Required work. If pictures are present, leave them out, and copy the data word for word.

Extracted information.
▬▬▬▬▬▬▬▬▬▬
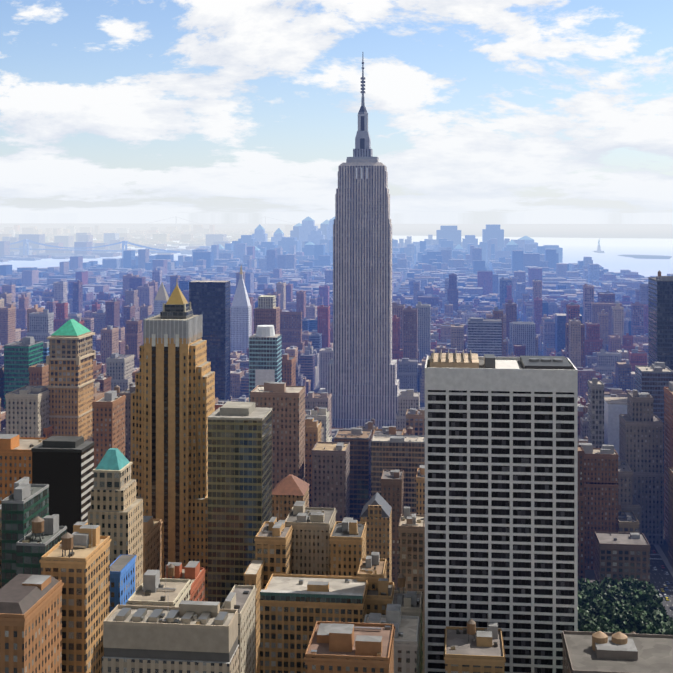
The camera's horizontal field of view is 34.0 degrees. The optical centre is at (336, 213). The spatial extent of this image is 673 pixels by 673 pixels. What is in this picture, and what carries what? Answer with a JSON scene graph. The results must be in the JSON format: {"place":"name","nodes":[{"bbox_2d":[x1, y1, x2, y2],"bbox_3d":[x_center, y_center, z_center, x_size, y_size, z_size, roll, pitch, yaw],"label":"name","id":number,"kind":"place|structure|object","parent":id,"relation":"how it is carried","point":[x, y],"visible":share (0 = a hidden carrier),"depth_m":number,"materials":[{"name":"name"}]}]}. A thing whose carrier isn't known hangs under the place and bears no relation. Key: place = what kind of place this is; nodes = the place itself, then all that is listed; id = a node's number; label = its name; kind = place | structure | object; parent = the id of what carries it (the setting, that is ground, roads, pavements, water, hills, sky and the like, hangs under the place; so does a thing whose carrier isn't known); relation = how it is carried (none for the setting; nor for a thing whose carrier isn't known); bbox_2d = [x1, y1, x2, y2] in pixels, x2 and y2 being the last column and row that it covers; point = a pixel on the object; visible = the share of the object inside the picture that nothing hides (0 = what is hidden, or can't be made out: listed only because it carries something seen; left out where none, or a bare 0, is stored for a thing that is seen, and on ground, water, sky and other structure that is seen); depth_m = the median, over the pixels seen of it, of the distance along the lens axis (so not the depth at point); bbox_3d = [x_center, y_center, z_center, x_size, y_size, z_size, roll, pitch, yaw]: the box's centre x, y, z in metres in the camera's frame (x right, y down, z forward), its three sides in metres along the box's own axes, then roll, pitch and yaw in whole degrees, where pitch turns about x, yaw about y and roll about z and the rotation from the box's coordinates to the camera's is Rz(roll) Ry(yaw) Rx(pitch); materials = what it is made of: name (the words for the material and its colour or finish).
{"place":"outdoors","nodes":[
{"label":"outdoors","id":0,"kind":"place"},
{"bbox_2d":[133,216,296,230],"bbox_3d":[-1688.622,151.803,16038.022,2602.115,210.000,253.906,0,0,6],"label":"suspension bridge","id":1,"kind":"structure","parent":0,"point":[217,225],"depth_m":16030.17,"materials":[{"name":"grey metal"}]},
{"bbox_2d":[0,223,672,582],"bbox_3d":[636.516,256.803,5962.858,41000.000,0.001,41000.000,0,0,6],"label":"ground","id":2,"kind":"structure","parent":0,"point":[662,231],"depth_m":17230.64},
{"bbox_2d":[0,54,672,672],"bbox_3d":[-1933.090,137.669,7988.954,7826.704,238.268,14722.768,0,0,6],"label":"city buildings","id":3,"kind":"structure","parent":2,"relation":"on","point":[444,292],"depth_m":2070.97,"materials":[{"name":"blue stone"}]},
{"bbox_2d":[578,576,672,634],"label":"trees","id":4,"kind":"object","parent":2,"relation":"on","point":[634,605],"visible":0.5,"depth_m":656.33,"materials":[{"name":"green plant"}]},
{"bbox_2d":[653,544,672,608],"bbox_3d":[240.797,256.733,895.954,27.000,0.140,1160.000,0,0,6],"label":"avenue pavements","id":5,"kind":"structure","parent":2,"relation":"on","point":[663,557],"depth_m":816.87,"materials":[{"name":"concrete"}]},
{"bbox_2d":[0,234,672,276],"bbox_3d":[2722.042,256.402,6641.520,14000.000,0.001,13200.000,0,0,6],"label":"bay water","id":6,"kind":"structure","parent":0,"point":[575,250],"depth_m":6979.37,"materials":[{"name":"white liquid"}]},
{"bbox_2d":[10,239,179,257],"bbox_3d":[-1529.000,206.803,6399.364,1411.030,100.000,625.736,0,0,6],"label":"suspension bridge","id":7,"kind":"structure","parent":6,"relation":"in","point":[25,241],"depth_m":6333.38,"materials":[{"name":"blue metal"}]},
{"bbox_2d":[0,0,672,223],"label":"sky","id":8,"kind":"structure","parent":0,"point":[112,111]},
{"bbox_2d":[594,241,603,251],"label":"statue of liberty","id":9,"kind":"object","parent":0,"point":[598,248],"visible":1,"depth_m":7192.56,"materials":[{"name":"grey metal"}]},
{"bbox_2d":[618,255,671,258],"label":"island","id":10,"kind":"structure","parent":0,"point":[650,257],"depth_m":6486.59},
{"bbox_2d":[650,545,672,619],"bbox_3d":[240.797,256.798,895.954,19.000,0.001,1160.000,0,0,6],"label":"street","id":11,"kind":"structure","parent":0,"point":[658,579],"depth_m":772.56,"materials":[{"name":"grey asphalt"}]},
{"bbox_2d":[650,554,672,614],"bbox_3d":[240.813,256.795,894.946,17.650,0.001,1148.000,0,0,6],"label":"avenue markings","id":12,"kind":"object","parent":11,"relation":"on","point":[664,582],"visible":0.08,"depth_m":756.00,"materials":[{"name":"white paint"}]},
{"bbox_2d":[652,550,672,609],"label":"cars","id":13,"kind":"object","parent":11,"relation":"on","point":[665,587],"visible":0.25,"depth_m":752.33,"materials":[{"name":"multicoloured metal"}]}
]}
▬▬▬▬▬▬▬▬▬▬
Result.
The camera's horizontal field of view is 34.0 degrees. The optical centre is at (336, 213). The spatial extent of this image is 673 pixels by 673 pixels. What is in this picture, and what carries what? Answer with a JSON scene graph. The results must be in the JSON format: {"place":"name","nodes":[{"bbox_2d":[x1, y1, x2, y2],"bbox_3d":[x_center, y_center, z_center, x_size, y_size, z_size, roll, pitch, yaw],"label":"name","id":number,"kind":"place|structure|object","parent":id,"relation":"how it is carried","point":[x, y],"visible":share (0 = a hidden carrier),"depth_m":number,"materials":[{"name":"name"}]}]}. A thing whose carrier isn't known hangs under the place and bears no relation. Key: place = what kind of place this is; nodes = the place itself, then all that is listed; id = a node's number; label = its name; kind = place | structure | object; parent = the id of what carries it (the setting, that is ground, roads, pavements, water, hills, sky and the like, hangs under the place; so does a thing whose carrier isn't known); relation = how it is carried (none for the setting; nor for a thing whose carrier isn't known); bbox_2d = [x1, y1, x2, y2] in pixels, x2 and y2 being the last column and row that it covers; point = a pixel on the object; visible = the share of the object inside the picture that nothing hides (0 = what is hidden, or can't be made out: listed only because it carries something seen; left out where none, or a bare 0, is stored for a thing that is seen, and on ground, water, sky and other structure that is seen); depth_m = the median, over the pixels seen of it, of the distance along the lens axis (so not the depth at point); bbox_3d = [x_center, y_center, z_center, x_size, y_size, z_size, roll, pitch, yaw]: the box's centre x, y, z in metres in the camera's frame (x right, y down, z forward), its three sides in metres along the box's own axes, then roll, pitch and yaw in whole degrees, where pitch turns about x, yaw about y and roll about z and the rotation from the box's coordinates to the camera's is Rz(roll) Ry(yaw) Rx(pitch); materials = what it is made of: name (the words for the material and its colour or finish).
{"place":"outdoors","nodes":[
{"label":"outdoors","id":0,"kind":"place"},
{"bbox_2d":[133,216,296,230],"bbox_3d":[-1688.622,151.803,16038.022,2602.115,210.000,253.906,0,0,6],"label":"suspension bridge","id":1,"kind":"structure","parent":0,"point":[217,225],"depth_m":16030.17,"materials":[{"name":"grey metal"}]},
{"bbox_2d":[0,223,672,582],"bbox_3d":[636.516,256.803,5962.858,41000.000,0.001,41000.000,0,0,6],"label":"ground","id":2,"kind":"structure","parent":0,"point":[662,231],"depth_m":17230.64},
{"bbox_2d":[0,54,672,672],"bbox_3d":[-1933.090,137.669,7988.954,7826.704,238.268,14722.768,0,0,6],"label":"city buildings","id":3,"kind":"structure","parent":2,"relation":"on","point":[444,292],"depth_m":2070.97,"materials":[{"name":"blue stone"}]},
{"bbox_2d":[578,576,672,634],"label":"trees","id":4,"kind":"object","parent":2,"relation":"on","point":[634,605],"visible":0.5,"depth_m":656.33,"materials":[{"name":"green plant"}]},
{"bbox_2d":[653,544,672,608],"bbox_3d":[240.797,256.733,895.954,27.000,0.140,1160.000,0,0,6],"label":"avenue pavements","id":5,"kind":"structure","parent":2,"relation":"on","point":[663,557],"depth_m":816.87,"materials":[{"name":"concrete"}]},
{"bbox_2d":[0,234,672,276],"bbox_3d":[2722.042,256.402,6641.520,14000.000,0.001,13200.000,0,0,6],"label":"bay water","id":6,"kind":"structure","parent":0,"point":[575,250],"depth_m":6979.37,"materials":[{"name":"white liquid"}]},
{"bbox_2d":[10,239,179,257],"bbox_3d":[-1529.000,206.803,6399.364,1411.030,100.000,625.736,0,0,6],"label":"suspension bridge","id":7,"kind":"structure","parent":6,"relation":"in","point":[25,241],"depth_m":6333.38,"materials":[{"name":"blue metal"}]},
{"bbox_2d":[0,0,672,223],"label":"sky","id":8,"kind":"structure","parent":0,"point":[112,111]},
{"bbox_2d":[594,241,603,251],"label":"statue of liberty","id":9,"kind":"object","parent":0,"point":[598,248],"visible":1,"depth_m":7192.56,"materials":[{"name":"grey metal"}]},
{"bbox_2d":[618,255,671,258],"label":"island","id":10,"kind":"structure","parent":0,"point":[650,257],"depth_m":6486.59},
{"bbox_2d":[650,545,672,619],"bbox_3d":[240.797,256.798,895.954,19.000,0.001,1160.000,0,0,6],"label":"street","id":11,"kind":"structure","parent":0,"point":[658,579],"depth_m":772.56,"materials":[{"name":"grey asphalt"}]},
{"bbox_2d":[650,554,672,614],"bbox_3d":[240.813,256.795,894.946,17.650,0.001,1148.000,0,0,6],"label":"avenue markings","id":12,"kind":"object","parent":11,"relation":"on","point":[664,582],"visible":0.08,"depth_m":756.00,"materials":[{"name":"white paint"}]},
{"bbox_2d":[652,550,672,609],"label":"cars","id":13,"kind":"object","parent":11,"relation":"on","point":[665,587],"visible":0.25,"depth_m":752.33,"materials":[{"name":"multicoloured metal"}]}
]}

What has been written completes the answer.